Wenn Sie Ihren Feedreader mit den „richtigen“ Suchanfragen füttern, sind Ihnen sicherlich auch schon einige Blogs ins Netz gegangen. Und deren Autoren in Ihre journalistischen Kontakte aufzunehmen, dafür gibt es gute Gründe:
Mit ihren Beiträgen können Blogger das Image Ihres Unternehmens und seiner Produkte im Netz entscheidend beeinflussen. Sie kennen sich in der Regel sehr gut im jeweiligen Thema aus – vielleicht sogar besser als Sie selbst. Dieser Expertenstatus führt häufig zu hoher Anerkennung bei den jeweiligen Lesern. Auch die – zuweilen kritische – Herangehensweise ist oft vergleichbar mit der von „Journalisten 1.0“. Nicht zu vergessen: Auch Journalisten bloggen.

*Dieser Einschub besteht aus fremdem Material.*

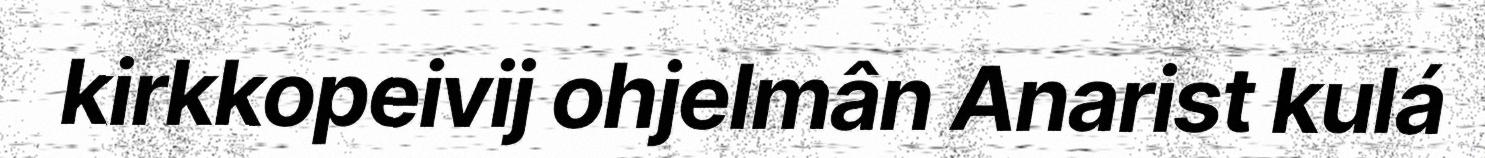
kirkkopeivij ohjelmân Anarist kulá
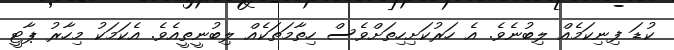
ކުޑަ ފިނިކަމެއް ލިބުނެވެ. އެ ހަރުކަށިހިތަށްވެސް ހިތާމަތަކެއް ލިބުނީތީއެވެ. އެކަމަކު މިހާރު ޕާޓީ
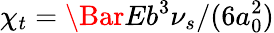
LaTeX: \chi_{t}=\Bar{E}b^{3}\nu_{s}/(6a_{0}^{2})
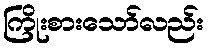
ကြိုးစားသော်လည်း
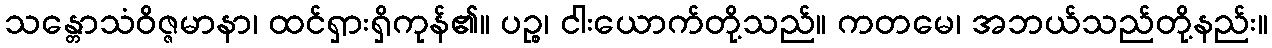
သန္တောသံဝိဇ္ဇမာနာ၊ ထင်ရှားရှိကုန်၏။ ပဉ္စ၊ ငါးယောက်တို့သည်။ ကတမေ၊ အဘယ်သည်တို့နည်း။
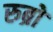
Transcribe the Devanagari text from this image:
रुब्रो
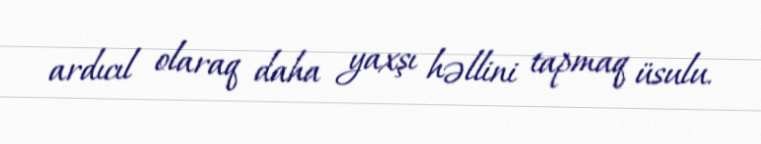
ardıcıl olaraq daha yaxşı həllini tapmaq üsulu.
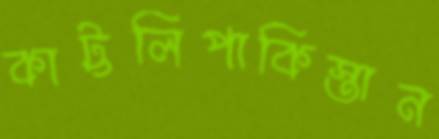
কাট্টলিপাকিস্তান
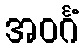
အဝင်္ဂံ
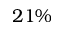
2 1 \%
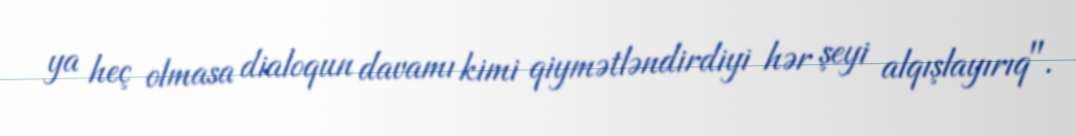
ya heç olmasa dialoqun davamı kimi qiymətləndirdiyi hər şeyi alqışlayırıq".
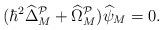
LaTeX: \begin{align*}(\hbar^2\widehat{\Delta}^{\mathcal{P}}_M + \widehat{\Omega}^{\mathcal{P}}_{M})\widehat{\psi}_M = 0.\end{align*}
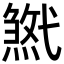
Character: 𢎓
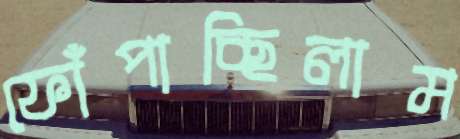
ফোঁপাচ্ছিলাম
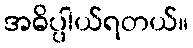
အဓိပ္ပါယ်ရတယ်။
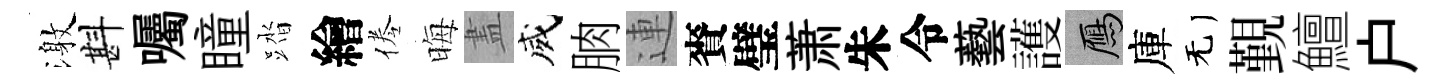
激斟囑瞳踏繪倦晦𥁞威朒連賚璧萧朱令藝護鴈庫无覲鱣户
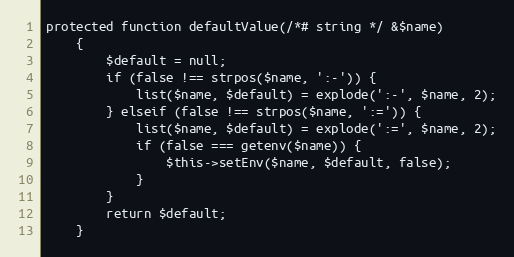
Language: PHP
protected function defaultValue(/*# string */ &$name)
    {
        $default = null;
        if (false !== strpos($name, ':-')) {
            list($name, $default) = explode(':-', $name, 2);
        } elseif (false !== strpos($name, ':=')) {
            list($name, $default) = explode(':=', $name, 2);
            if (false === getenv($name)) {
                $this->setEnv($name, $default, false);
            }
        }
        return $default;
    }
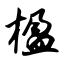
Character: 楹
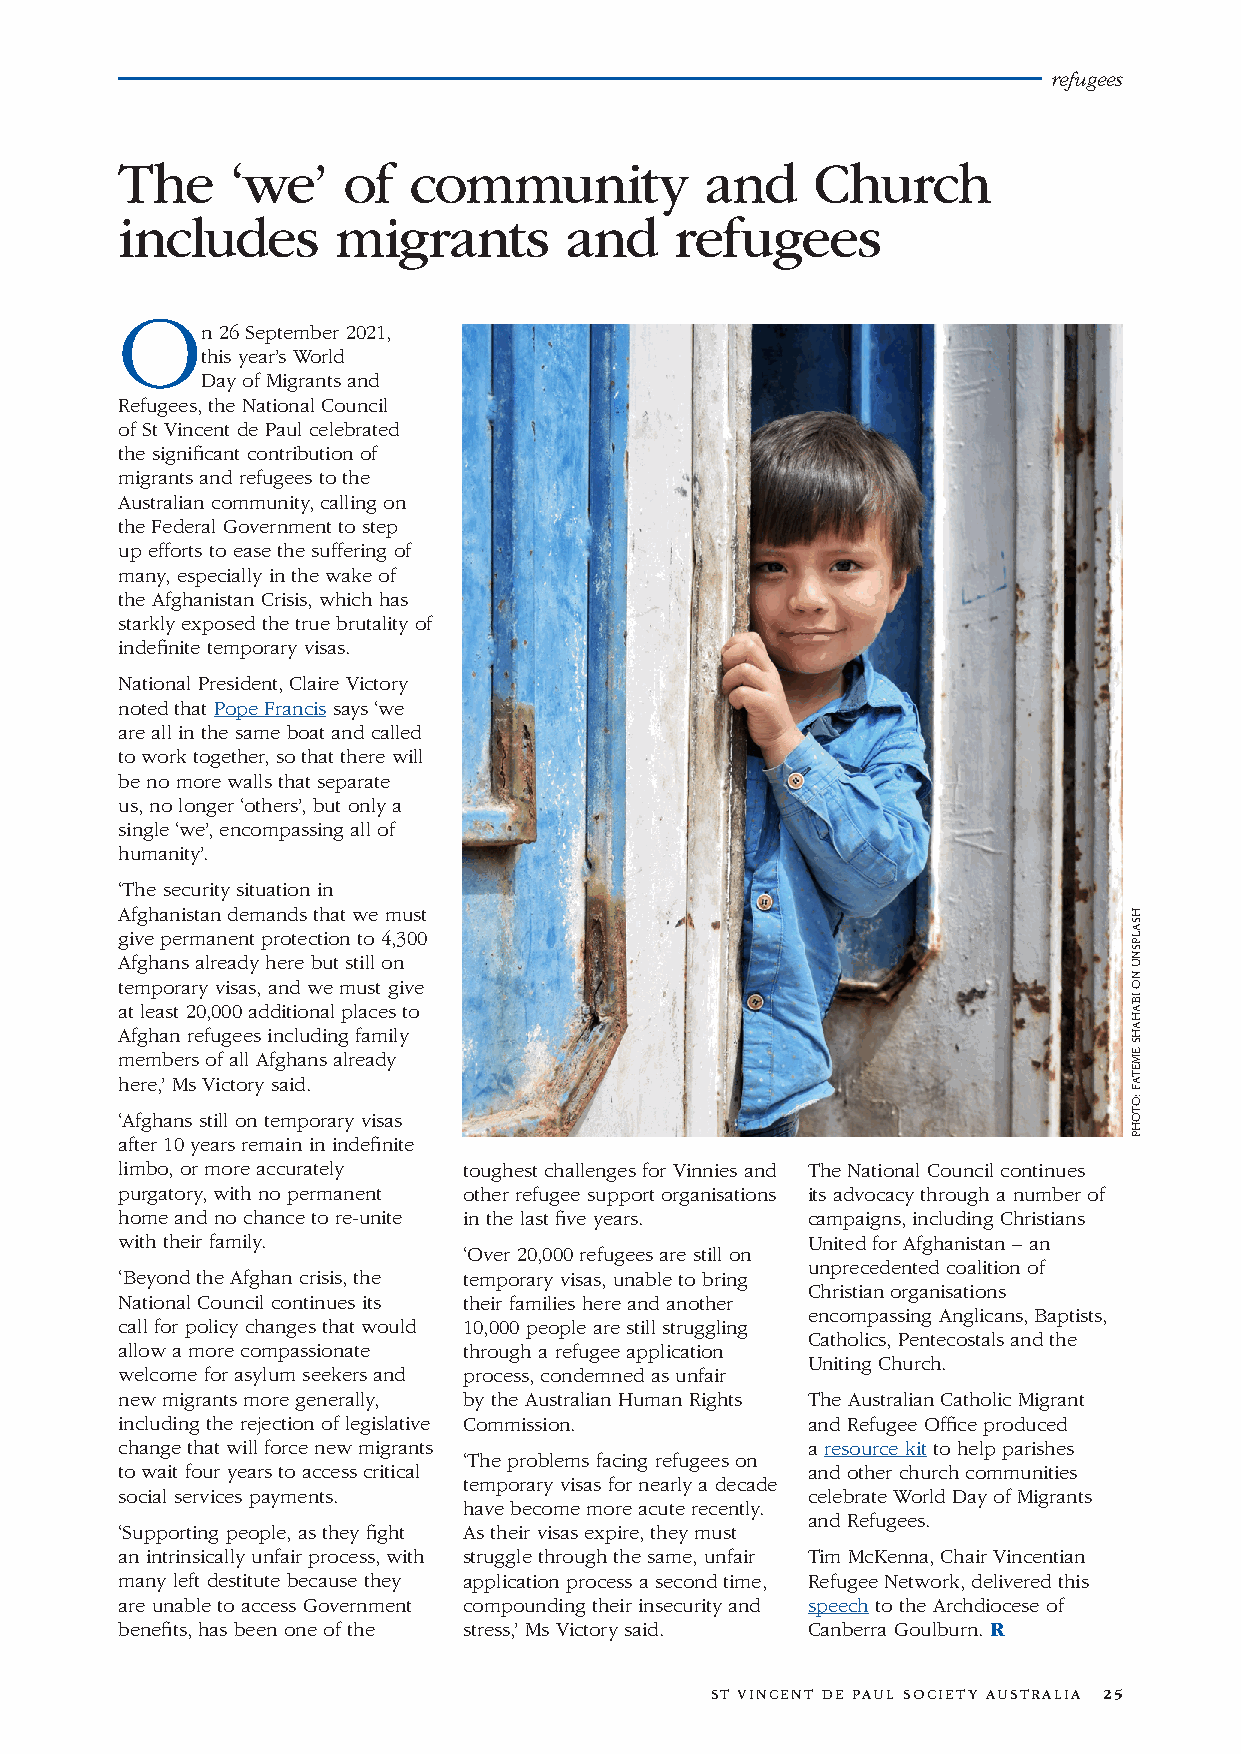
refugees
 The    ‘we’    of  community           and    Church
 includes      migrants       and     refugees
 O
 n 26 September 2021,
 this year’s World
 Day of Migrants and
 Refugees, the National Council
 of St Vincent de Paul celebrated
 the significant contribution of
 migrants and refugees to the
 Australian community, calling on
 the Federal Government to step
 up efforts to ease the suffering of
 many, especially in the wake of
 the Afghanistan Crisis, which has
 starkly exposed the true brutality of
 indefinite temporary visas.
 National President, Claire Victory
 noted that Pope Francis says ‘we
 are all in the same boat and called
 to work together, so that there will
 be no more walls that separate
 us, no longer ‘others’, but only a
 single ‘we’, encompassing all of
 humanity’.
 ‘The security situation in
 Afghanistan demands that we must
 give permanent protection to 4,300
 Afghans already here but still on
 temporary visas, and we must give
 at least 20,000 additional places to
 Afghan refugees including family
 members of all Afghans already
 here,’ Ms Victory said.
 ‘Afghans still on temporary visas
 after 10 years remain in indefinite
 limbo, or more accurately toughest challenges for Vinnies and The National Council continues
 purgatory, with no permanent other refugee support organisations its advocacy through a number of
 home and no chance to re-unite in the last five years. campaigns, including Christians
 with their family.                           United for Afghanistan – an
 ‘Over 20,000 refugees are still on
 unprecedented coalition of
 ‘Beyond the Afghan crisis, the temporary visas, unable to bring
 Christian organisations
 National Council continues its their families here and another
 encompassing Anglicans, Baptists,
 call for policy changes that would 10,000 people are still struggling
 Catholics, Pentecostals and the
 allow a more compassionate through a refugee application
 Uniting Church.
 welcome for asylum seekers and process, condemned as unfair
 new migrants more generally, by the Australian Human Rights The Australian Catholic Migrant
 including the rejection of legislative Commission. and Refugee Office produced
 change that will force new migrants          a resource kit to help parishes
 ‘The problems facing refugees on
 to wait four years to access critical        and other church communities
 temporary visas for nearly a decade
 social services payments.                    celebrate World Day of Migrants
 have become more acute recently.
 and Refugees.
 ‘Supporting people, as they fight As their visas expire, they must
 an intrinsically unfair process, with struggle through the same, unfair Tim McKenna, Chair Vincentian
 many left destitute because they application process a second time, Refugee Network, delivered this
 are unable to access Government compounding their insecurity and speech to the Archdiocese of
 benefits, has been one of the stress,’ Ms Victory said. Canberra Goulburn. R
 ST VINCENT DE PAUL SOCIETY AUSTRALIA 25
 HSALPSNU
 NO
 YDNIWTEERTS
 :OTOHP
 HSALPSNU
 NO
 IBAHAHS
 EMETAF
 :OTOHP

Viele bloggen in ihrer Freizeit. Ergo: Blogger haben einen hohen Identifikationsgrad mit ihrem jeweiligen Thema, der sie auch nach Feierabend noch umtreibt. Das bedeutet für Sie: Blogger sind eine interessierte und folglich interessante Zielgruppe für Informationen aus erster Hand.
Angenommen, ein Blogger hätte bei Ihrem Produkt – sagen wir mal einem Mobiltelefon – herausgefunden, wie man bestimmte Sperren umgehen kann. Wem sollte der Blogger als erstes Bescheid geben? Genau – Ihnen, und nicht über seine Webseite der Weltöffentlichkeit. Dazu muss er – oder sie – aber auch wissen, wen er dazu auf welchem Weg informieren soll. Teilen Sie es ihm mit, so wie Sie sich auch in der traditionellen Medienwelt als Ansprechpartner positioniert haben. Mit derselben Seriosität, Professionalität und Authentizität. Zugegeben: Verhindern können Sie einen solchen Scoop vermutlich nicht. Aber zumindest wären Sie unter den ersten, die es erfahren. Und wenn dann Zeitungen oder Sender bei Ihnen nachfragen, was es „mit dieser Geschichte auf sich hat, die da im Netz kursiert“, können Sie kompetent antworten.
Kommunikationsstrategie hin oder her: Die Blogger, deren Texte in Ihrem Feedreader auflaufen, beschäftigen sich mit den selben Produkten und Themen wie Sie. Auf der inhaltlichen Ebene gibt es also schon mal viele Gemeinsamkeiten. Somit auch zahlreiche Anknüpfungspunkte für anregenden Gedankenaustausch – und Spaß.